= Arthur Lennox Butler =

Arthur Lennox Butler (22 February 1873 - 29 December 1939) was a British naturalist. Born in Karachi, he became a curator of a natural history museum in Kuala Lumpur, Malaysia. He later became the superintendent of a game preserve in Sudan before returning to England. He is commemorated in the scientific names of four species of reptile, a bird, and an amphibian.

==Early life and education==
Butler was born on 22 February 1873 in Karachi, British India. His father was the British ornithologist Edward Arthur Butler and his mother was Clara Francis Butler. Butler attended Fauconberg School in Beccles.
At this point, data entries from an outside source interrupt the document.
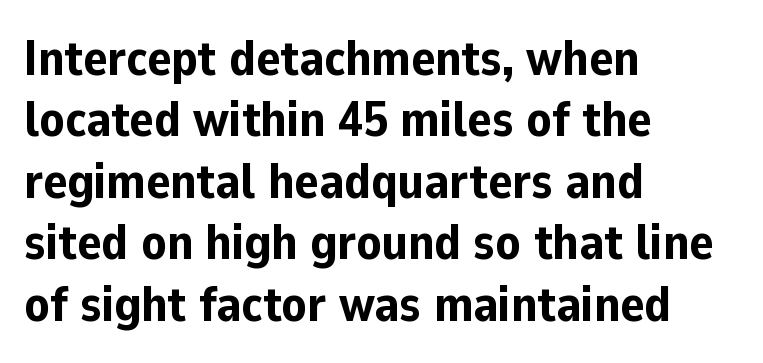
Q: Is the text bold? A: Yes.
Q: Is the text italic (slanted)? A: No, it is upright.
Q: Is the typeface a serif or a sans-serif typeface? A: Sans-serif.
Q: Is the text underlined? A: No.
Q: How is the paragraph aligned? A: Left-aligned.
Q: Is the spacing between letters normal or unusually wide? A: Normal.
Q: Width (condensed, normal, or wide)? A: Normal.
Q: Stroke contrast? A: Low.
Q: x-height? A: Medium.
Q: Monospaced? A: No.

In 1891 at the age of eighteen, Butler traveled to Ceylon (now Sri Lanka) to become a tea-planter, which he abandoned to become a scientific collector.

==Career==
Butler became a scientific collector after moving to Ceylon, collecting specimens for the Marsden and Tring museums. In 1898, Butler was appointed curator at the State Museum at Kuala Lumpur in Malaysia. In 1899, he was elected as a member of the British Ornithologists' Union. Beginning in 1901, he was the superintendent of game preservation in Anglo-Egyptian Sudan, a position he held until 1915. In 1921, he became a member of the British Ornithologists' Club.

==Personal life==
In 1908, Butler married his cousin, Rose Boughton-Leigh. The couple had no children.

==Later life and death==
In 1915 Butler returned to England, living in St. Leonard's Park near Horsham for the rest of his life. The last several years of his life were spent in poor health, and he was unable to attend any meetings of the British Ornithologists' Club from 1932 onward. Butler died on 29 December 1939 at age 66.

==Legacy and honors==
The scientific name of the Nicobar sparrowhawk (Accipiter butleri) commemorates Butler, as do the scientific names of four species of reptiles (Gehyra butleri, Lycodon butleri, Chilorhinophis butleri, and Tytthoscincus butleri) and an amphibian (Microhyla butleri). Gehyra butleri is now included as a synonym of Gehyra mutilata by some. In 1915, he was awarded the Order of the Nile.